This is an imitation learning implementation that contains both the DAgger and standard supervised learning algorithms. The main task is to train a neural network policy that allows the robot to navigate in the turtlebot3_house gazebo environment from room A to room B in the following figure:
We use the ROS Navigation Stack as the expert policy in this case.

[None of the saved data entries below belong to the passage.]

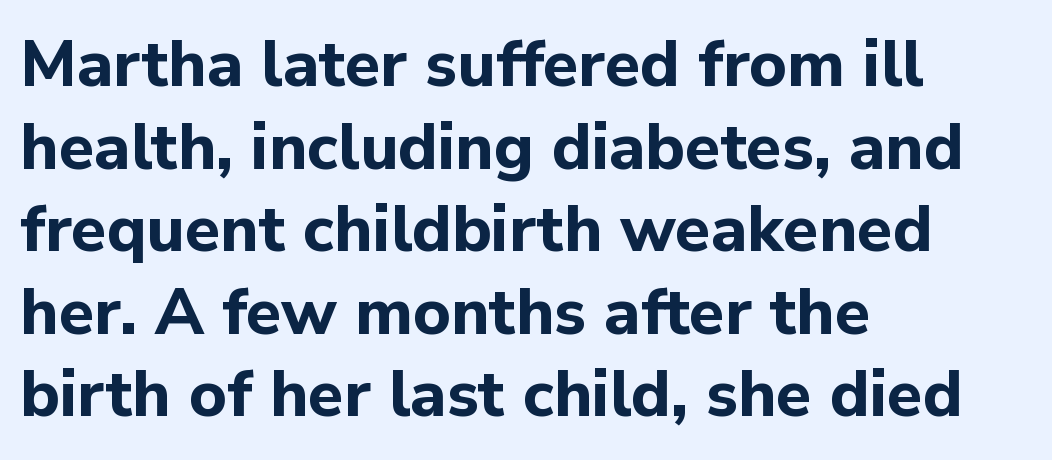
Characters remain perfectly vertical along every line. Examine the stroke ends and you'll find no serifs. Alignment: flush left. The face used here has the dense, thick strokes of a bold.
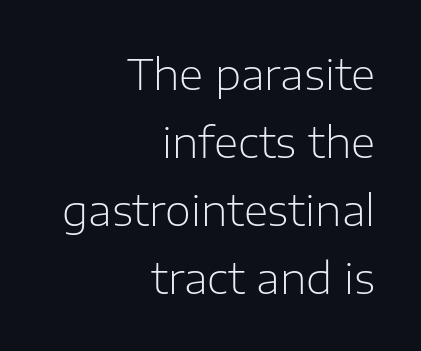
Q: Is the text bold? A: No.
Q: Is the text italic (slanted)? A: No, it is upright.
Q: Is the typeface a serif or a sans-serif typeface? A: Sans-serif.
Q: Is the text underlined? A: No.
Q: How is the paragraph aligned? A: Right-aligned.
Q: Is the spacing between letters normal or unusually wide? A: Normal.
Q: Is the spacing between lines tight, normal or loose? A: Normal.
Q: Width (condensed, normal, or wide)? A: Normal.
Q: Stroke contrast? A: Low.
Q: x-height? A: Medium.
Q: Monospaced? A: No.

Packages relevant to turtlebot3_navigation
are modified and included in this repository.
Clone the repository.
cd ~/catkin_ws/src/
git clone https://github.com/jeffrey-fong/ImitationLearning-Turtlebot3.git
cd ~/catkin_ws/ && catkin_make
After cloning the repository, create a virtual environment with virtualenv
or conda
and install the dependencies in requirements.txt
. This is compatible with Python 3.6.
Run the following commands in different terminals:
- Launch the turtlebot3_house environment
roslaunch turtlebot3_gazebo turtlebot3_house.launch
- Run the
reset_robot_pos
node to set the robot's position to the start at room A
rosrun imitation_learning reset_robot_pos
- Launch the ROS Navigation Stack to initialize the expert
roslaunch turtlebot3_navigation turtlebot3_navigation.launch map_file:=$HOME/catkin_ws/src/ImitationLearning_Turtlebot3/imitation_learning/house_map.yaml
- Run either DAgger (
daglearner
node) or supervised learning (learner
node) algorithms in a terminal with the virtual environment
source venv/bin/activate
rosrun imitation_learning daglearner
- Run the teleop_key to change between different modes
rosrun imitation_learning turtlebot3_teleop_key
For both learner and daglearner, press ’1’ in the terminal running turtlebot3_teleop_key
to start collecting data. The robot will start moving to the goal position. Once the robot reaches the goal position, learner
will reset the robot’s pose to the start and begin the next demonstration immediately. Contrarily, daglearner
will reset the robot pose, train the neural network policy, then start the next demonstration. This process will repeat until it is stopped manually by quitting the program. For learner
, press ’2’ after collecting enough demonstrations to train the neural network. Press ’3’ to switch to EXECUTE mode.
To evaluate a single policy, run the policyexec
node after running reset_robot_pos
.
source venv/bin/activate
rosrun imitation_learning policyexec
The robot will start moving once the program starts and resets at the goal position, followed by the program quitting itself. An trained model (best_model.pt) has been included for testing after setting up. It was trained using DAgger with 20 demonstrations.
DAgger is compared against standard supervised learning through the number of times the robot succeeded to get to room B over 10 tries given varying demonstrations. DAgger clearly outperforms supervised learning in terms of average performance and learning speed. This demonstrates DAgger's ability to reduce distribution shift in the training and testing data.